Bluntly, WoW wanted to try to the more story driven approach. And THEY were just bad at it. But their failures aren’t indicative of anything more than their own inability to tell a coherent story. No matter how much you may want to ignore the successes of WoW’s peers in doing the same.

7 Likes

That’s not how I’m perceiving it. Yeah the planeteer dragons might threaten Azeroth in some non specific way but meh. There’s a bunch of dragons and people who like raiding on that already. It’ll probably be fine.

Storytime with the Tuskaar though? Now that’s the ticket. I got about a billion options for games if all I wanna do is chosen hero stuff. But very, very few if I actually want to get to know the societies, people and places in this land.

That’s where WoW succeeds in storytelling. And it’s been lacking extremely in that department until DF precisely because it was side stuff.

This doesn’t feel like that. There’s just stuff. Some more grand and cinematic, some more cozy and intimate but the game’s not railroading you. Do whatever you want.

2 Likes

See but WoW has always been doing that. Even with their more focus on trying to tell a coherent story, they actually do a terrible job railroading you into that story.

The leveling content of BFA for example doesn’t require any of the big Fourth War plot that it was supposed to hinge on, and it really barely connected to the Old God plot that just bust through the wall like the Kool-Aid man.

Dragonflight does have a coherent narrative though, and more than enough ways to jump into it, but this time also provides more than enough places to jump off the train and get side tracked, which is a fun change of pace.

3 Likes

DF is not a very ‘warcraft’ warcraft story, imo. Thats not necessarily good or bad. But I think it has a lot of the same consistency issues and world-building holes that BfA and SL had. But unlike BfA and SL, it doesnt affect something we actually play or the entire universe.

Other MMOs have figured out how to tell good stories through an MMO platform. Given WoWs identity is ‘taking from other MMOs and trying to make our own spin on it’ I don’t think you can really justify them not trying to do the same with narrative effort. Borrow the flight, crafting and world content of other MMOs and we praise them, why would we not push them to look to other MMOs that succeed in storytelling and try to understand why they can manage it?

5 Likes

The best thing I think WoW could take, personally, would be to actually lock our characters as actual characters.
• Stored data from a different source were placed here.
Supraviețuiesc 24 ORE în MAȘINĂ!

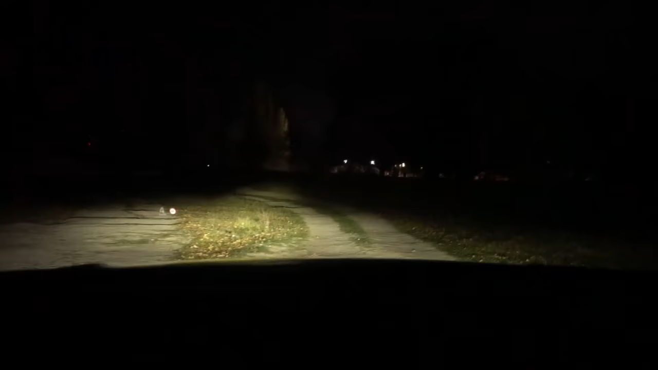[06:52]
Pentru că începea să fie deja târziu, m-am decis să mă duc într-un loc lângă pădure ca să pot înopta acolo.
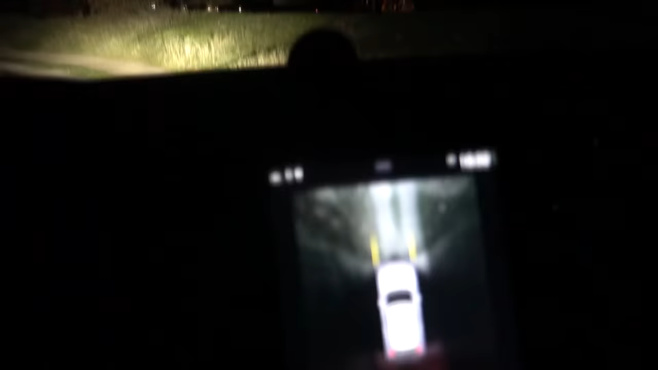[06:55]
Mergem și cu camera frumos, direct, fază lungă, să ne palmăm la somn.
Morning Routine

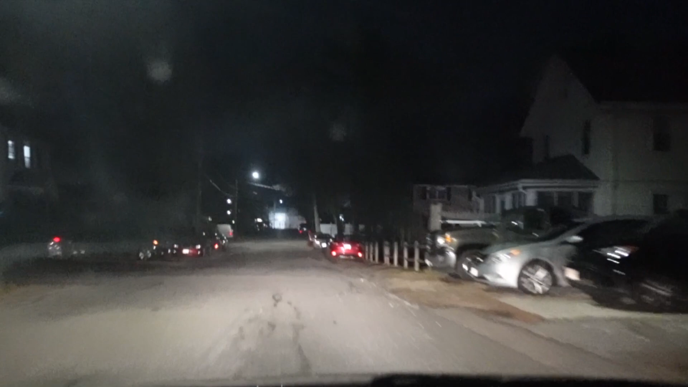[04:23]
So it's dark because it's still, you know, early morning.
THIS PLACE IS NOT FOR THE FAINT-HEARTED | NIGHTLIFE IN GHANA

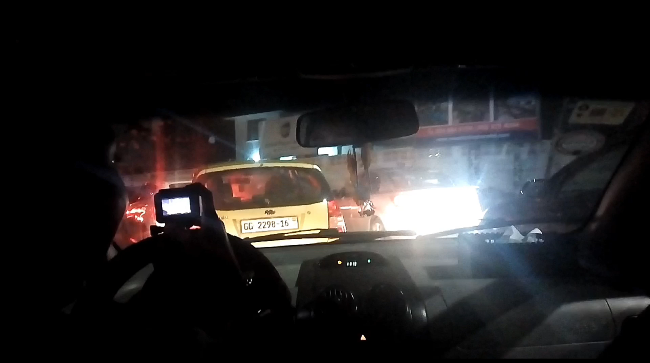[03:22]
So you guys, there's traffic now at 11. Wow, people are supposed to be sleeping.
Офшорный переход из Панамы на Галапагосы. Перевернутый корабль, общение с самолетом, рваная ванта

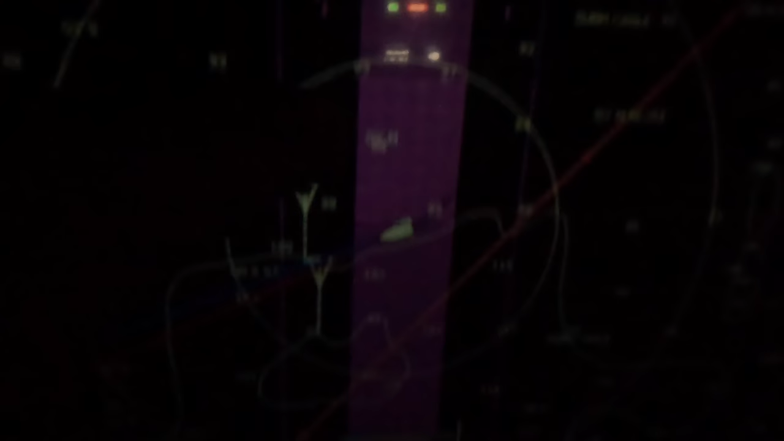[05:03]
То есть у нас два судна проходят, то есть с этим у нас CPA 2 мили, а вот тот, который наверху, с ним CPA миля.
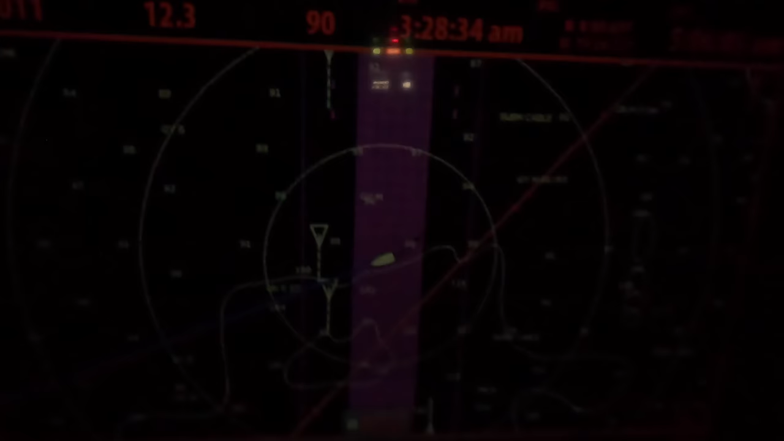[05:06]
Ну, мы, судя по всему, проходим впереди. Так, ну вот мы прямо перед ним сейчас проходим.
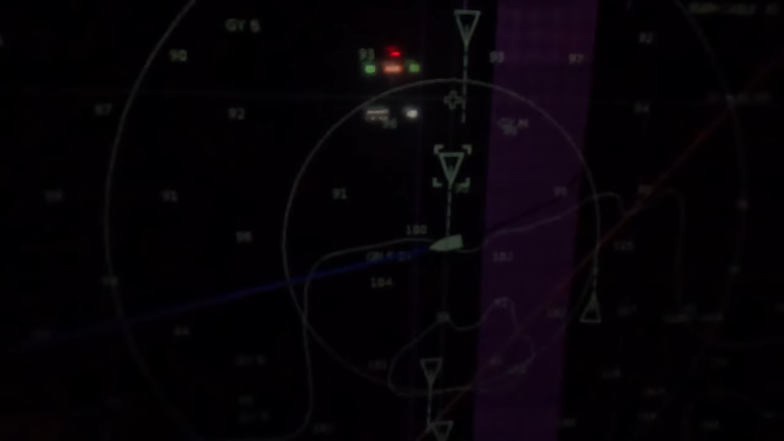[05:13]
У нас расхождение 1 миля, то есть с хорошим запасом.
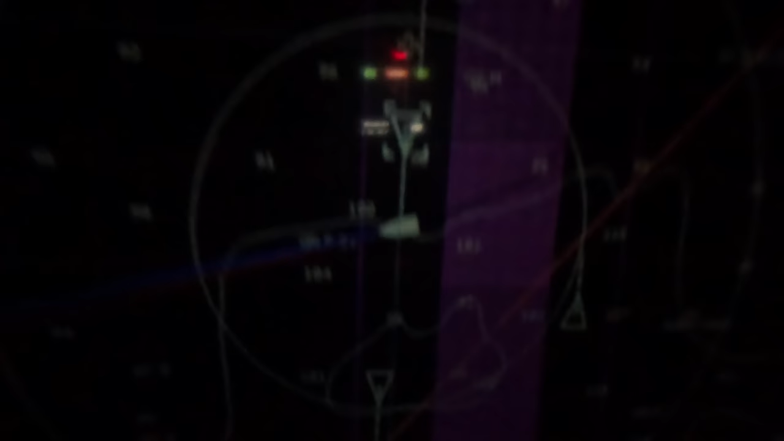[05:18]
Ну, кстати, 1 миля это достаточно плотно.
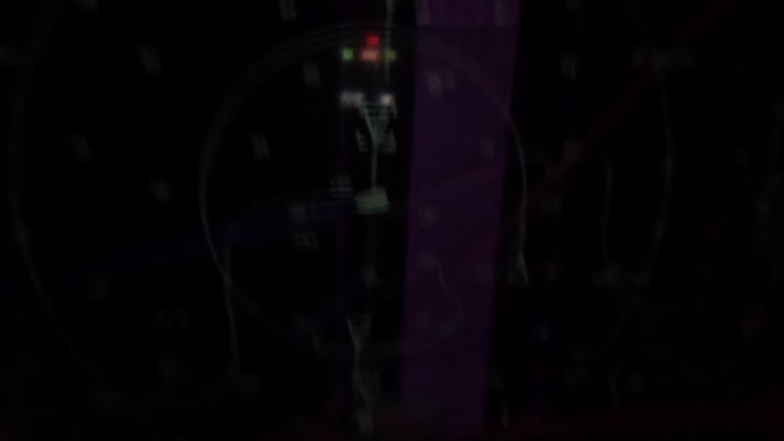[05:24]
Ну, хотя, если учесть, что мы идем через TSL, это нормально, тут трафик большой. Вот он, тут наш красавчик мимо проходит.

Right now, you are a nameless, faceless, nobody who has somehow killed more gods than the stars. But narratively, you are a nothing.
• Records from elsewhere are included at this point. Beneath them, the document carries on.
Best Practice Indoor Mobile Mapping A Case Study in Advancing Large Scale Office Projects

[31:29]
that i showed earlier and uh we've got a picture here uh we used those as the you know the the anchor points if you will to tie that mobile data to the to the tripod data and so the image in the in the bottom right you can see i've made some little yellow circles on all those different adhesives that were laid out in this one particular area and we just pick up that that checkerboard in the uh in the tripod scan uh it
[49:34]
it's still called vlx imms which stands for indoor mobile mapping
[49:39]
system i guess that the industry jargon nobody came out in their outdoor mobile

Give our characters a static NPC party which they interact with throughout the game, through multiple expansions and such. Give them a connection to the game world beyond what race/class you picked at the character select screen.

Then from there you’ll be able to construct a narrative with some actual focus.

And I say this acknowledging that this is not WoW’s wheelhouse, so it’s unlikely they could do this, and even if they could I doubt it’ll go over well.

3 Likes

I think WoW would struggle with that a ton because it cant make meaningful player choice. There are many things I as a Druid would never do- and to be blunt, blizzards characters do things they’d never do either, even in this xpac lol.

1 Like

I avoided mentioning it but I would also move towards restricting player choice in such situations. It’s not like we have that much choice now anyway, aside a few dialogue options.